From these two points, the coordinates of the other two points and thus the whole box can be inferred. For example, the xy coordinates of the top-right point are simply the first (top) and last (right) numbers combined.

(left, top, width, height)

Also known as x_min, y_min, width, heght

In this format, the first two numbers indicate the xy coordinates of the top-left point of the bounding box. The last two numbers indicate the width and height of the bounding box.

From this information, the coordinates of the other three points can be inferred. For example, the x coordinates of the top-right point are the first (top) number — sub in the photo of the box with points

(center_x, center_y, width, height)

In this format, the coordinates of the center of the bounding box are indicated by the first two numbers, followed by the width and height of the bounding box.

While this approach doesn’t give you any of the four corners of the bounding box, you can still easily calculate them by adjusting the center point.

Common Formats

All of the common formats that you will out there are basically a combination of one method of corner specification and one unit type. Here is a summary table of all of the different formats:

Pascal VOC

Units: Absolute | Corner Specification: (left, top, right, bottom)

Also known as: xyxy

One of the most common formats, this format is named after the Pascal VOC dataset which used it.

Bounding box defined in the Pascal VOC format

Albumentations

Units: Normalized | Corner Specifications: (left, top, right, bottom)

Also known as: xyxyn

This format is used by the Albumentations image augmentation library.

Bounding box defined in the Albumentations format

COCO

Units: Absolute | Corner Specification: (left, top, width, height)

Also known as: xywh

Named after the popular COCO dataset, this is perhaps the most common bounding box format used in datasets currently.

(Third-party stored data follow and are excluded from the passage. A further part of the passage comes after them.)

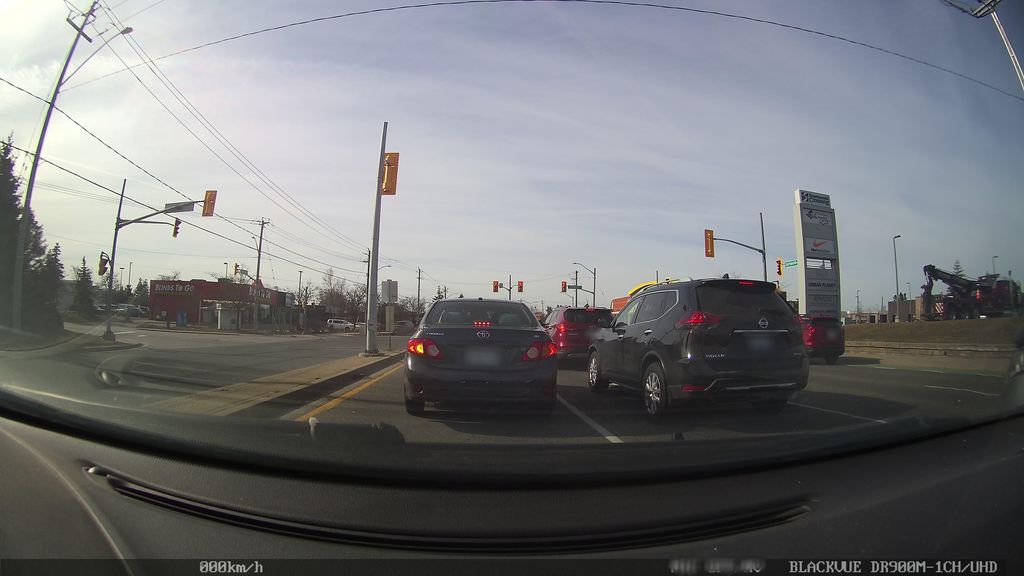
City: kitchener-waterloo
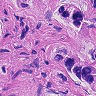
Metastatic tissue present: yes
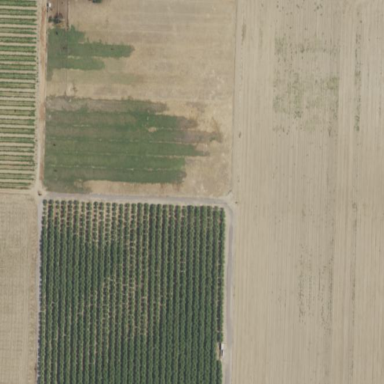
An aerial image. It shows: Orchard with field cropland.
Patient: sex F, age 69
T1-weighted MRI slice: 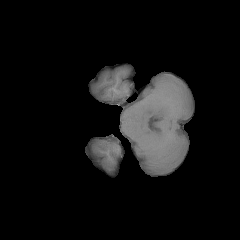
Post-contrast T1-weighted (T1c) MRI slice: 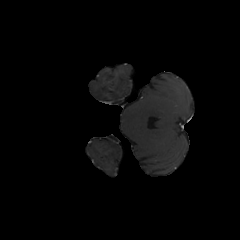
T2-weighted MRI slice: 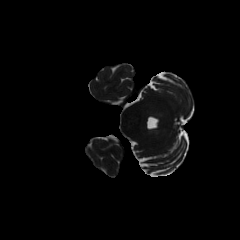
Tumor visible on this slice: no
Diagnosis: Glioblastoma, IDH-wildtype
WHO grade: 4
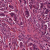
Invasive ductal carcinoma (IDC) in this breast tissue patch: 1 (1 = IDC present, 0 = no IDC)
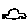
Label: car
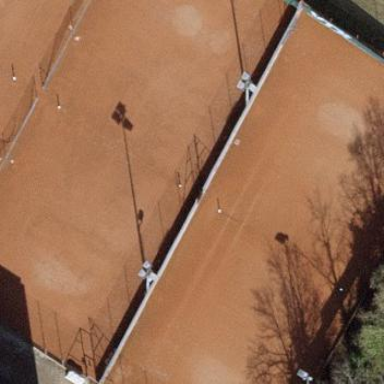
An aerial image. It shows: Tennis pitch with clay surface for leisure sports.
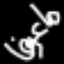
Label: hourglass

In addition to the bounding box format, the COCO dataset also introduced a standardized format for object detection and segmentation labels. Because of the importance of the COCO dataset in computer vision, all of these are now pretty much the standard for datasets today.

‍

YOLO

Units: Normalized | Corner Specification: (center_x, center_y, width, height)

Also known as: cxcywhn

This format was popularized by the YOLO family of models, including YOLOv5, YOLOv8, and YOLO-World.. The reason to use the center coordinate as an anchor instead of the top-left was because the YOLO models directly predicted the center of the boxes, so this data format made it easier.

CreateML

Units: Absolute | Corner Specification: (center_x, center_ y, width, height)

Also known as cxcywh

The default in Apple’s CreateML MLObjectDetector. It is probably the least used of the 5 formats listed here.

Bounding box defined in the CreateML format

Summary

That's basically it! Hopefully this article helped to demystify the differences between the various bounding box formats that you encounter in your computer vision journey.

If you want get hands on with bounding boxes in code, I highly recommend A Guide to Bounding Box Formats and How to Draw Them by Daniel Bourke over at learnml.io. In it, they have a code-along that shows you how to manipulate bounding boxes in Python and visualize them. Otherwise, happy coding!